Jesus' use of the image in the parable that forms this Sunday’s Gospel has something of this ambiguity about it. His audience's familiarity with the passage from Isaiah that provides the Old Testament lesson -- “the LORD of hosts will make for all peoples a feast of rich food, a feast of well-aged wines” -- means his use of this image to teach about the Kingdom of Heaven could not fail to resonate. However, it is given a special twist. To begin with, the people who ought to come to the celebration can't be bothered to come, despite the status of the host and the quality of the food. In response, the king tells his slaves to go out into the streets and gather “all whom they found, both good and bad”. Is the message this ---  that social elitism has been abandoned in favor of a wonderful inclusion?

Things are not quite so simple. To begin with, the guests on the original list, who treated the invitation lightly, are not included, but punished instead. And, it turns out, even the people gathered up from the streets and brought in without asking are not assured of a permanent place at the banquet. The hapless man who did not trouble to dress properly for the occasion, is promptly thrown out.


The message seems clear. God longs for everyone to share 'joys that pass our understanding' with him. Good news indeed. Yet indifference, willfulness and carelessness have the power to make us lose them.

Tuesday, October 3, 2017

PENTECOST XVIII 2017 (Proper 22)

Laboring in the Vineyard
The Gospel for this week is yet another parable set in a vineyard. Strictly, it is an allegory since it is not simply a story with a message, but one in which the participants can be directly correlated with the people to whom, and about whom, the story is told

On the surface, the parallels are not hard to see. God is the owner of the vineyard. The tenants are those entrusted with witnessing to his lordship. The slaves are the Old Testament prophets sent by God, time and again, to recall his people to faithful obedience. In the face of their repeated rejection the landlord’s own son – Jesus – is sent to the vineyard. His murder at the hands of the tenants brings God’s wrath upon them, and custody of the vineyard is placed in other hands.

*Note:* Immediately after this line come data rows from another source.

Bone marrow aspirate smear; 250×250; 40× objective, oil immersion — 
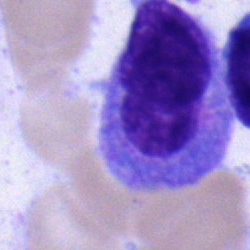 Q: What type of cell is this?
A: This is a monocyte.
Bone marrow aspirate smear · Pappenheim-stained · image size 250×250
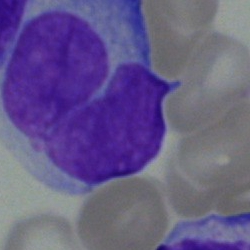Q: Which cell type is shown here?
A: This is an undifferentiated blast.
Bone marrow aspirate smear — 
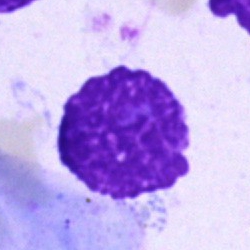
Morphological class: artefact.
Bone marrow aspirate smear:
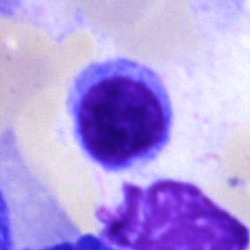

{"cell_type": "lymphocyte", "lineage": "lymphoid"}
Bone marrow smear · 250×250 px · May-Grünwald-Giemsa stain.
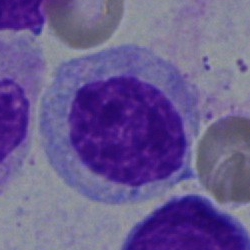

Showing a myelocyte.
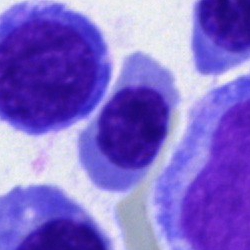

Normoblast.
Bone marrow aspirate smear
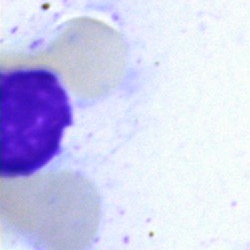 Impression → artefact.
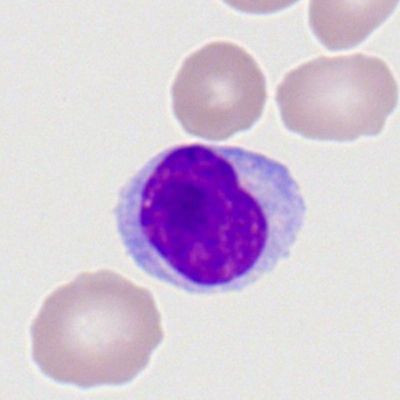 Classification — lymphocyte.
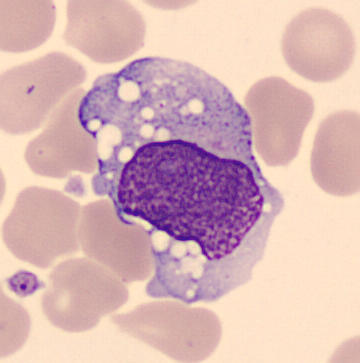
Showing a monocyte.
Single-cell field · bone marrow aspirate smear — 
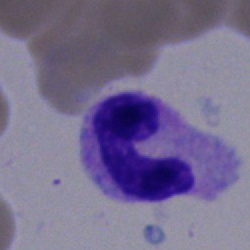 Classification = stab cell.
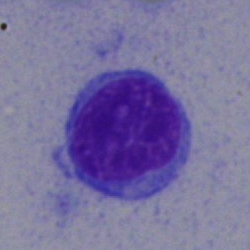
The cell shown is a lymphocyte.
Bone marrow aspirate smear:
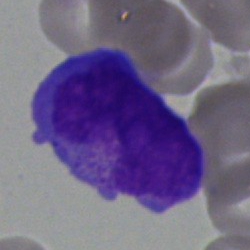
Morphological class — blast cell.
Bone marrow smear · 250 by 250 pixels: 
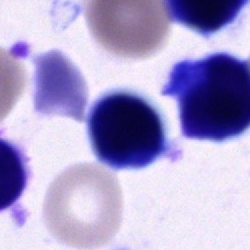 An unidentifiable cell.
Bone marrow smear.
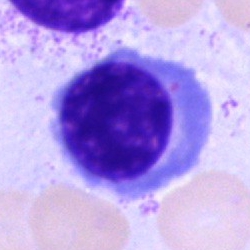

A nucleated red blood cell.
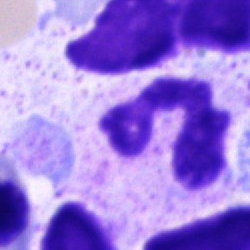
Neutrophil (segmented).
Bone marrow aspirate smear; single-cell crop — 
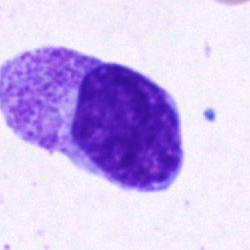This is a myelocyte.
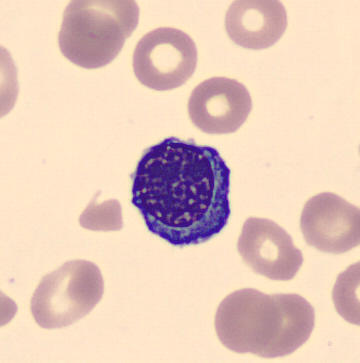 Morphology → normoblast.
Peripheral blood film; automated cell imaging (CellaVision DM96).
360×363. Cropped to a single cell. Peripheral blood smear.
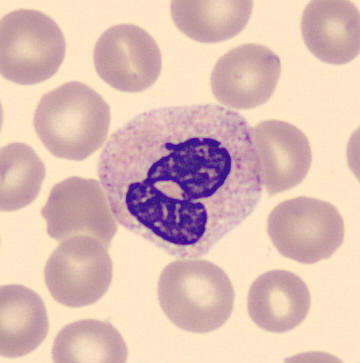
Cell type — neutrophil (segmented).
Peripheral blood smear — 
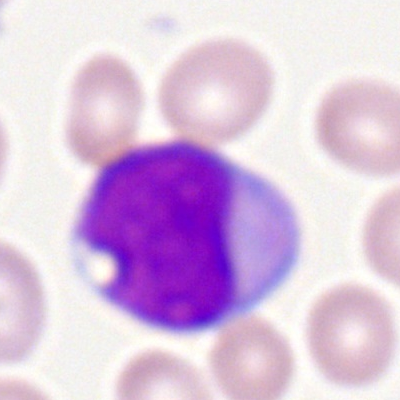The cell shown is a myeloblast.
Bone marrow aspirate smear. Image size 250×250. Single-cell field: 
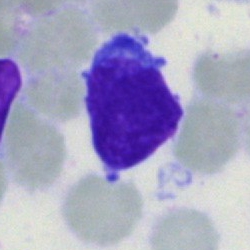 The cell type is blast cell.
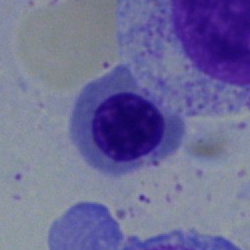

Classification = nucleated red blood cell.
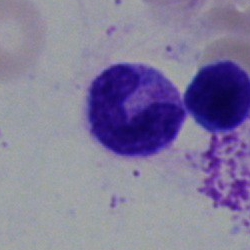 Impression → stab cell.
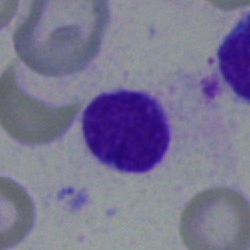

{"cell_type": "typical lymphocyte", "lineage": "lymphoid"}
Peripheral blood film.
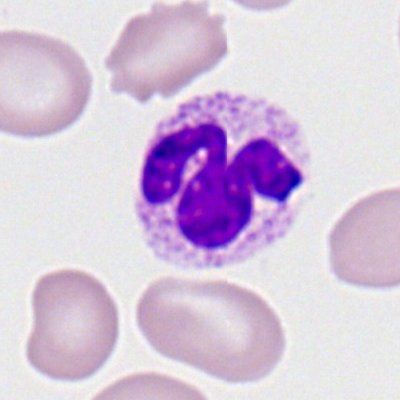A segmented neutrophil.
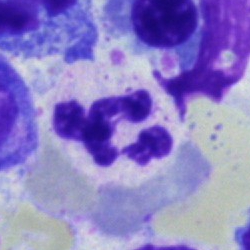
Cell = segmented neutrophil.
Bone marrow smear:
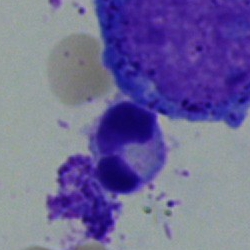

Who exactly are these first tenants? It is easy to misidentify them as the Jews, and hence suppose that the new tenants are the Christians. The lesson from Isaiah puts us right on this score: “the vineyard of the LORD of hosts is the house of Israel”. It is not the tenants, but the vineyard itself, strange to say, that is to be identified with the Chosen People, the fertile ground God has provided. This switches our attention to the leaders of Israel. Forgetting, or disregarding, their obligation to God, they claim the headship of Israel for their own nationalistic purposes. It is in order to rescue his Chosen People, not to abandon them, that God sends his Son. This means that the new tenants do not mark a radical break with the past. Rather, they are called to be more faithful stewards of the same God.

Valazquez St Paul
Paul’s Epistle for this Sunday can be seen to reflect this interpretation of the allegory. He is, he tells the Philippians, "a member of the people of Israel, of the tribe of Benjamin, a Hebrew born of Hebrews; as to the law, a Pharisee", thereby emphatically underlining his own Jewishness, something he never discounts or disowns. But, he says, “whatever gains I had, these I have come to regard as loss  . . .  because of the surpassing value of knowing Christ Jesus my Lord”.

The continuity between Jew and Christian is essential to the Gospel message Paul preaches. It carries this implication, however. If the ancient Pharisees forfeited their spiritual inheritance because of arrogance and complacency, a similar attitude can rob modern Christians of theirs.